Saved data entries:
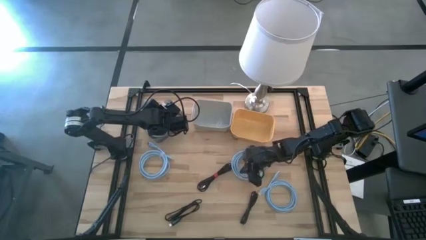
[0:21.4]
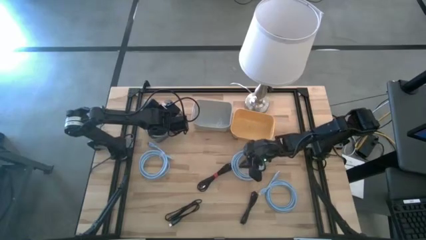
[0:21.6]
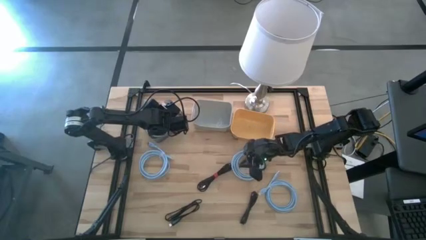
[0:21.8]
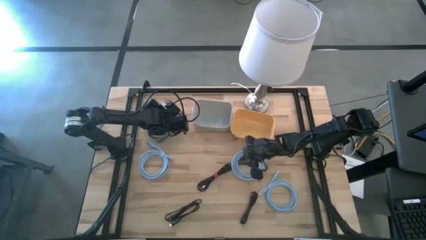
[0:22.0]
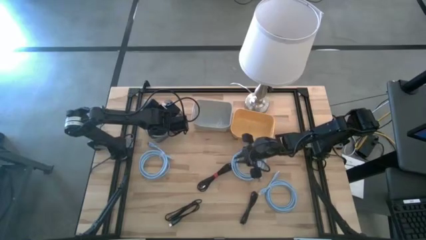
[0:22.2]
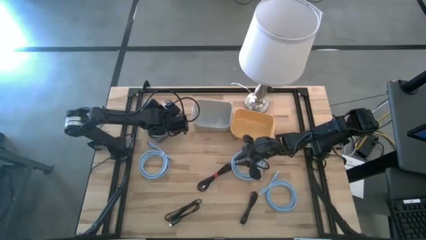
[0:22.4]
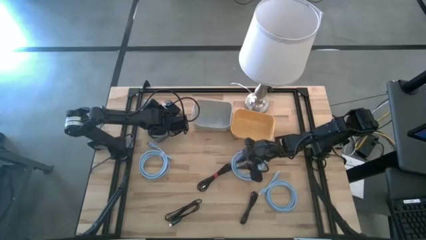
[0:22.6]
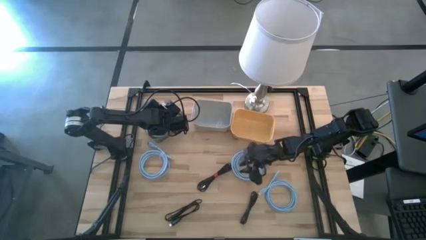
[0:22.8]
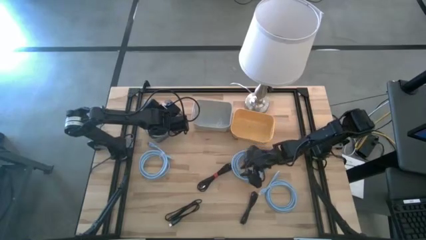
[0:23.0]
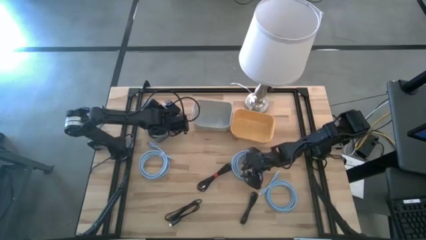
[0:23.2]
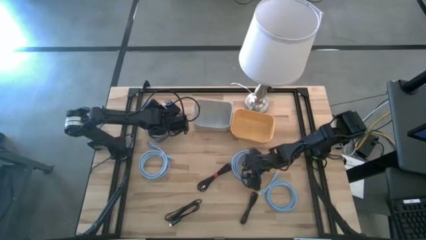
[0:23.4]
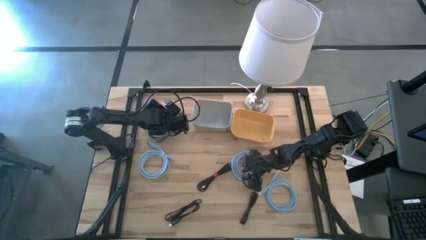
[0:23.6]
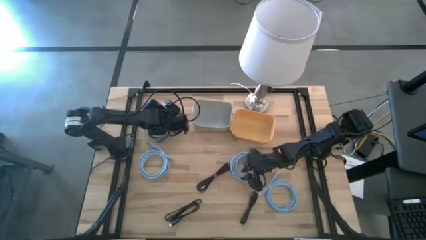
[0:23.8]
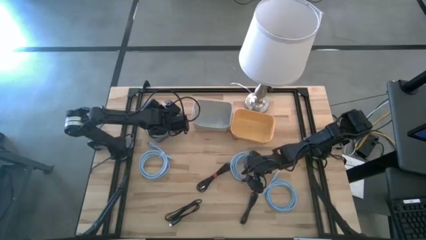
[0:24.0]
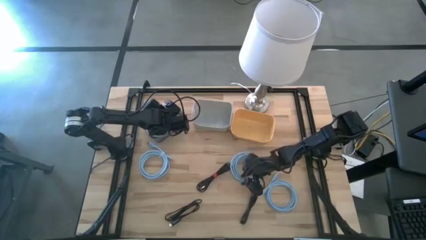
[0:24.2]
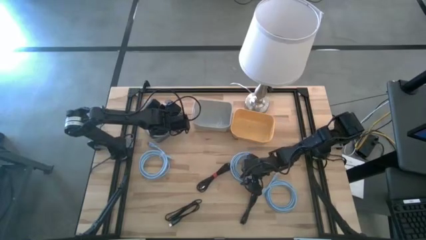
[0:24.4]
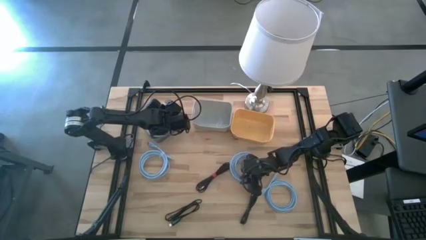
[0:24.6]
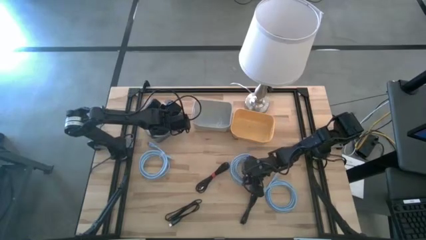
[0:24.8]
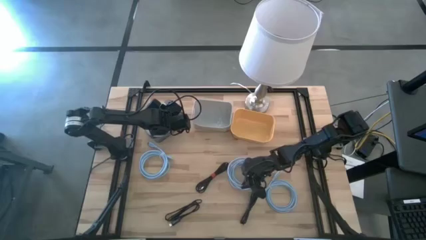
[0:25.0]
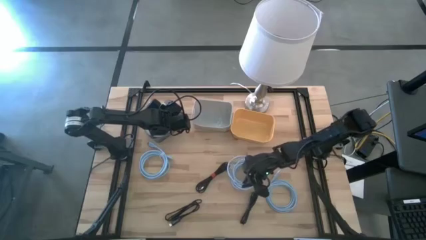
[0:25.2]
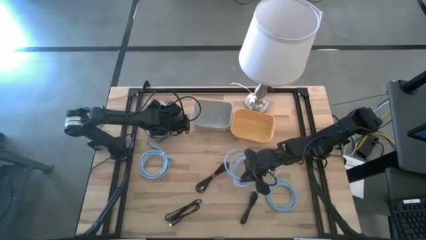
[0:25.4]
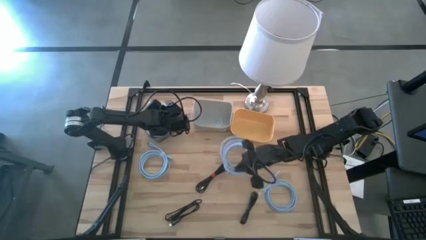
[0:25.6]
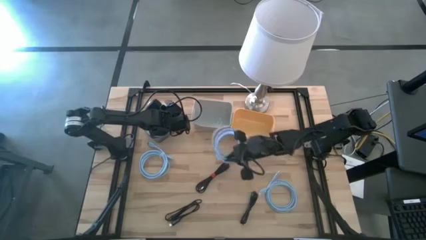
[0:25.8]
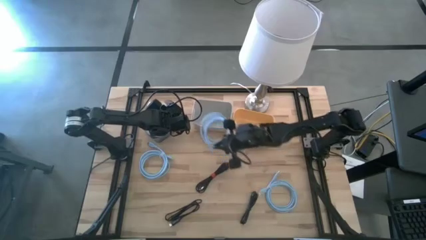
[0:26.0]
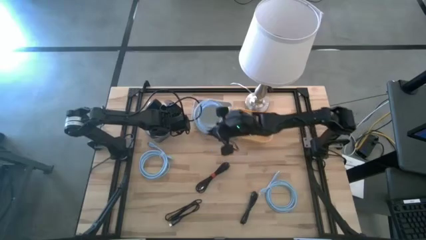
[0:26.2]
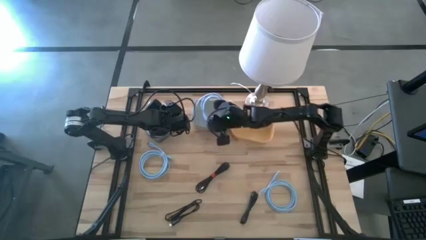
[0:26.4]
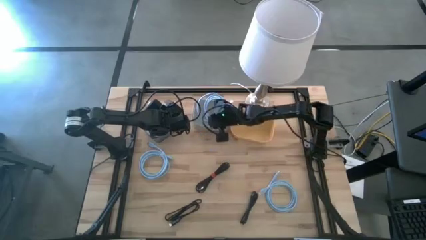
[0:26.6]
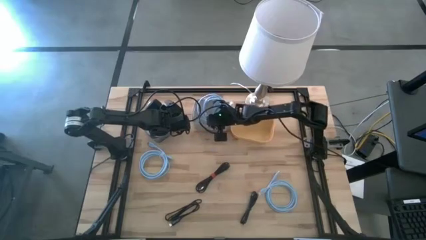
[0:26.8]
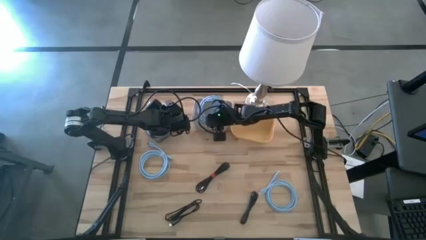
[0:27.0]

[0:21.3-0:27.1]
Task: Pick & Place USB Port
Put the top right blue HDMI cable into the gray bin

WHAT IS NEEDED:
A verbatim copy of every entry is wanted; the pictures stay out of it.

RESPONSE FOR THIS EXERCISE:
[0:21.4]
[0:21.6]
[0:21.8]
[0:22.0]
[0:22.2]
[0:22.4]
[0:22.6]
[0:22.8]
[0:23.0]
[0:23.2]
[0:23.4]
[0:23.6]
[0:23.8]
[0:24.0]
[0:24.2]
[0:24.4]
[0:24.6]
[0:24.8]
[0:25.0]
[0:25.2]
[0:25.4]
[0:25.6]
[0:25.8]
[0:26.0]
[0:26.2]
[0:26.4]
[0:26.6]
[0:26.8]
[0:27.0]

[0:21.3-0:27.1]
Task: Pick & Place USB Port
Put the top right blue HDMI cable into the gray bin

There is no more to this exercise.